Les déclencheurs typiques :
- déménagement
- arrivée d’un bébé
- nouveau compagnon
- changement de routine
Même un simple déplacement de meubles peut perturber profondément un chat.
• Une anecdote révélatrice
Un chat qui miaulait toute la nuit… uniquement depuis que son humain avait changé ses horaires de travail.
Le problème n’était pas le comportement du chat, mais la rupture de routine.

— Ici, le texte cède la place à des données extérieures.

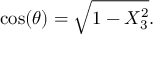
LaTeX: \cos ( \theta ) = { \sqrt { 1 - X _ { 3 } ^ { 2 } } } .
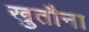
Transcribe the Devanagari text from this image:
खुतौना
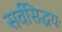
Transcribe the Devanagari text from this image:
सर्वसिद्धयः
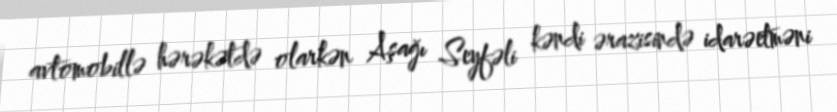
avtomobillə hərəkətdə olarkən Aşağı Seyfəli kəndi ərazisində idarəetməni

5.Les erreurs humaines : le point commun à presque tout
Et oui… en consultation, je constate souvent que les difficultés viennent d’un décalage entre les besoins naturels du chat et ce que l’humain imagine.
Par exemple :
- vouloir trop le porter
- ne pas respecter ses temps de repos
- Le non-respect des signaux félins
- manquer d’enrichissement dans l’environnement
- Changer de routine
Le chat n’est pas un petit chien silencieux. C’est un prédateur territorial, sensible à son environnement et très ritualisé.

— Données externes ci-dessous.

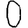
Digit: 0
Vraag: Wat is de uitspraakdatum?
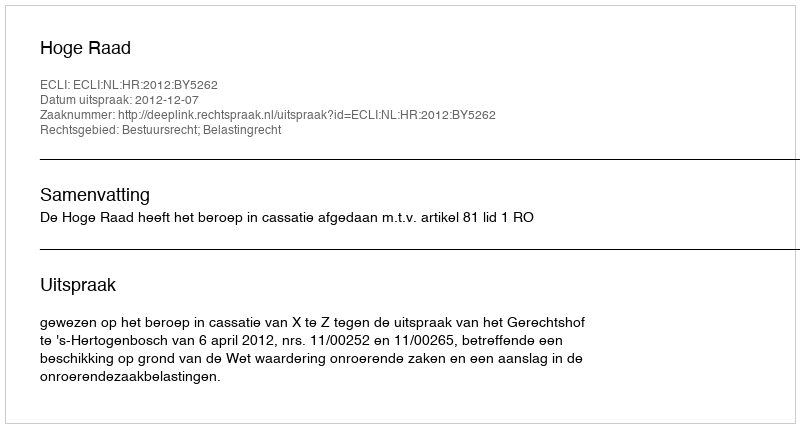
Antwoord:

Comprendre cela change absolument tout.
Ce qu’il faut retenir
Finalement, la plupart des comportements gênants ne sont ni mystérieux ni intentionnels. Ils sont simplement l’expression :
- d’un stress
- d’un besoin non satisfait
- D’un manque d’enrichissement
- d’une communication mal comprise
Et la bonne nouvelle, c’est que dans la majorité des cas, des ajustements simples permettent d’améliorer la situation très rapidement.
Humour : Exemple (très réaliste 😄) d’une séance comportementale féline
Contexte : Consultation à domicile. Motif indiqué dans le message :
👉« Mon chat est méchant, il attaque sans raison. »

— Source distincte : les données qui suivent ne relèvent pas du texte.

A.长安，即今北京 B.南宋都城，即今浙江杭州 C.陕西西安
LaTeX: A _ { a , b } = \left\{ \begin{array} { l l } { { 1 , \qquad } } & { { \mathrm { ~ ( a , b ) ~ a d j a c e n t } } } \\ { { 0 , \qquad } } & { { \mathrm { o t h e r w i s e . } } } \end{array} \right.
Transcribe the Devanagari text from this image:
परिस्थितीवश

Arrivée sur les lieux : le suspect m’observe
J’entre dans le salon. Le chat est déjà là.
Assis. Immobile. Regard fixe.
Ce regard très particulier qui semble dire :
“Je sais pourquoi tu es là. Et je conteste les accusations.”
Pendant ce temps, l’humain commence immédiatement :
— « Vous allez voir, il est terrible… il attaque tout le monde. »
Le chat, lui, ne bouge pas.
Il cligne lentement des yeux.
Traduction féline :
👉 “Moi ? Agressif ? Quelle calomnie.”
Phase d’enquête : écouter… surtout l’humain
Je pose quelques questions.
— Quand attaque-t-il ?
— Pendant les caresses.
— Toujours ?
— Non… au bout d’un moment.
— Il prévient ?
— Non jamais !
Pendant que l’humain parle, j’observe le chat.
Sa queue fouette doucement.
Ses oreilles pivotent légèrement.
Son corps se tend quand on prononce le mot “caresse”.
Spoiler :
👉 Il prévient depuis longtemps. Très longtemps.
La démonstration en direct (moment pédagogique)
L’humain veut me montrer.
Il s’approche du chat.
Le chat s’immobilise.
Il commence à le caresser.
1️⃣ Queue qui s’agite
2️⃣ Oreilles légèrement sur le côté
3️⃣ Pupilles dilatées
4️⃣ Corps rigide
Je dis calmement :
— « Il commence à être inconfortable. »
Réponse classique :
— « Ah bon ? Mais il ne dit rien ! »
Deux secondes plus tard :
💥 Coup de patte.
L’humain sursaute :
— « Vous voyez !!! »
Le chat part dignement à deux mètres et s’assoit.
Regard très clair :
“J’avais pourtant été très poli.”
Le moment de traduction simultanée
J’explique alors :
👉 Le chat a toléré la caresse
👉 Puis a envoyé plusieurs signaux subtils
👉 N’ayant pas été compris, il est passé à un message clair
C’est exactement comme quelqu’un qui dirait :
- “Stop” gentiment
- puis un peu plus fermement
- puis… qui finirait par pousser.
Le problème n’est donc pas l’agressivité.
C’est un problème de communication inter-espèces.
La prise de conscience (moment magique)
Je montre à l’humain comment observer les signaux précoces.
On recommence.
Cette fois, l’humain arrête la caresse au premier signe.
Le chat reste calme.
Il cligne des yeux.
Il s’étire.
L’humain, surpris :
— « Mais… il n’attaque plus ! »
Non.
Il n’a jamais voulu attaquer.
Il voulait juste être compris.
Le diagnostic final (qui arrive dans 80 % des séances)
Je résume :
👉 Chat normal
👉 Communication mal interprétée
👉 Besoin de respecter ses limites
Et je prononce la phrase que j’utilise très souvent :
“Votre chat n’est pas méchant.
Il est simplement très clair… dans une langue que personne ne lui avait apprise à traduire.”
Épilogue typique
Avant de partir, le chat s’approche de moi.
Il se frotte contre ma jambe.
L’humain s’exclame :
— « Oh mais avec vous il est adorable ! »
Je souris.
Parce que la vérité est simple :
Je n’ai rien fait d’exceptionnel.
J’ai juste écouté ce qu’il disait… depuis le début.